И собственно, после такого Никитиного разъяснения, после уже двух выступлений Ильичёва и нескольких угодливых – совещание могло бы и закончиться, уже всё главное было высказано. Ещё же надо охватить, сколько было насовано в зал партийных деятелей – по крайней мере 40 %, они и сидели сплочённо и сильно, дружно аплодировали всем правильным речам – это тоже внушало, рокот и неотвратимость партийной силы.
Но нет, провороты бюрократической машины требовали теперь всему правительству и всем нам сидеть и преть ещё полтора суток, чтобы партийная воля лучше дошла бы до нашего смятенного сознания.
Тут – объявили Шолохова, я вспомнил слова Твардовского, и сердце моё пригнелось: ну, сейчас высадят из седла и меня, не много же я проехал!

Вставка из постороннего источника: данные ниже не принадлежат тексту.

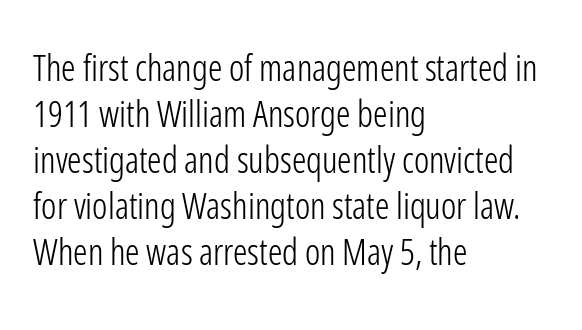
The image shows 36 px light, condensed sans-serif type, upright; set left-aligned, normal line spacing (1.28x), normal letter spacing, not underlined; low stroke contrast and a medium x-height.
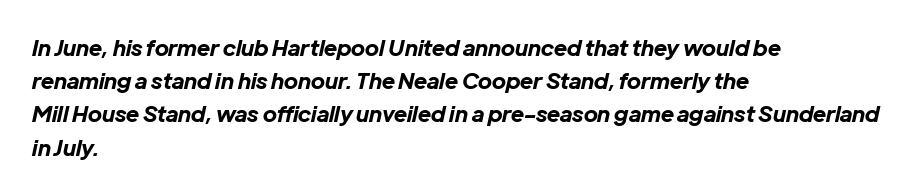
{"italic": "yes", "lean": "right", "slant_degrees": 12, "bold": "yes", "underline": "no", "align": "left", "line_spacing": "normal", "line_spacing_ratio": 1.51, "letter_spacing": "normal", "letter_spacing_em": 0.0, "glyph_px": 22}
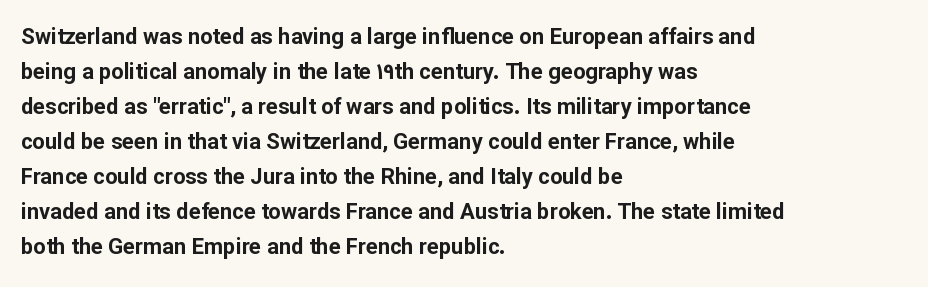
The image shows 22 px bold type, upright; set left-aligned, normal line spacing (1.59x), normal letter spacing, not underlined.
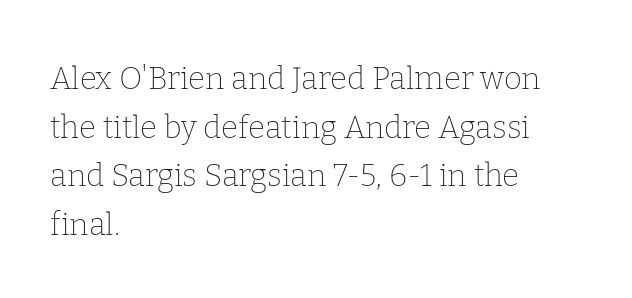
Reading down the block, your eye returns to a fixed left position each line. The letters look calm and open, with moderate or lighter stems. Honestly, there is no underline to notice here at all. Each letter keeps its own natural width here, so spacing adapts to shape.

В своих записях я помечал время начала каждого оратора. Ильичёв и Хрущёв начали в 13.25, Шолохов – в 13.50. А следующего за ним я записал – 13.51. Всего-то одну минуту, без преуменьшений, говорил наш литературный гений, это ещё и со сменой. На возвышенной трибуне выглядел он ещё ничтожнее, чем вблизи, да и бурчал невнятно. Он вытянул вперёд открыто небольшие свои руки и сказал всего лишь: «Смотрите, я безоружный. – (Пауза.) – Вот Эренбург сказал – у него была со Сталиным любовь без взаимности. А как сейчас у вас – с нынешним составом руководства? У нас – любовь со взаимностью».
И – всё, и уже сходил, как Хрущёв подал ему руку с возвышенности: «Мы – любим вас за ваши хорошие произведения и надеемся, что вы тоже будете нас любить».
И всё. Этот жест безоружности и был показ, что заготовленной речи Шолохов говорить не будет. (Потом узналось: его и Кочетова предупредили не произносить речей против меня, чтобы «пощадить личный художественный вкус Хрущёва». А – должны были две речи грянуть, шла банда в наступление!)
Тут вышел первый не из когорты – кинорежиссёр Ромм. У московской интеллигенции он был как бы вторым лидером, после Эренбурга, и теперь, когда Эренбурга громили, противостояния ждали от него. Но – он никак не был готов, ему трудно. Вся смелость его (как и большинства) ушла в аналогии («Обыкновенный фашизм»), а – прямо вот так, напрямую? У него были извинчивые обороты, извинительный голос, прикладывание пальцев к груди. «Мне трудно спорить с первым секретарём ЦК». (Но и тем не попал, Хрущёв откликнулся сердито: «Тогда вы лишаете меня права подавать реплики. Но я тоже – гражданин своего народа!») С одной стороны – кинематограф наш на правильном пути, с другой стороны – тревожно за молодых. (Хрущёв: «Острее чтоб направленность была!») Возражал против уже прослышанной ликвидации Союза кинематографистов. (И так и было, Хрущёв: «Я хочу, чтоб вы помогали не министерству, а партии!») А Ромм всё о Союзе (поручили ему отстаивать – дома творчества, курсы). И прямо просил: оставьте! (Хрущёв: «Положи́тесь на партийное руководство!» Так и не дал ему говорить.) И вот – всё выступление ожидаемого лидера.
Теперь вылезла та рыжая вольная Шевелёва и читала стих «Я верю в судьбу твою, Индия», почему-то. Потом вышел, как разжиревший вышибала, председатель композиторского союза Хренников. Он громил «душок либерализма в творческих объединениях», Москву назвал джазоубежищем, за приём джазов. (Хрущёв хмуро: «Это министерство культуры так несерьёзно приглашает».)
Затем – цыгановатый Чухрай, такой модный среди передовых, надежда либерализма, – и такой осторожный. Во-первых, мол, выступать при членах правительства – высокая честь. Прыгал в тыл противника (вероятно, делать киносъёмки партизан), воевал, лежал в госпитале, – но так высоко, как сейчас, – не приходилось. Лозунг сосуществования идеологий – безсмыслица. (Очень потрафил.) В Югославии этот опыт произведен. (Хрущёв: «Но сейчас-то Тито и-на-че смотрит!») Чухрай сразу и в отступление: «Я, может быть, отстал, я был там два года назад». Есть западные фильмы – только половые проблемы, и режиссёр гордится, если показал половой акт на экране.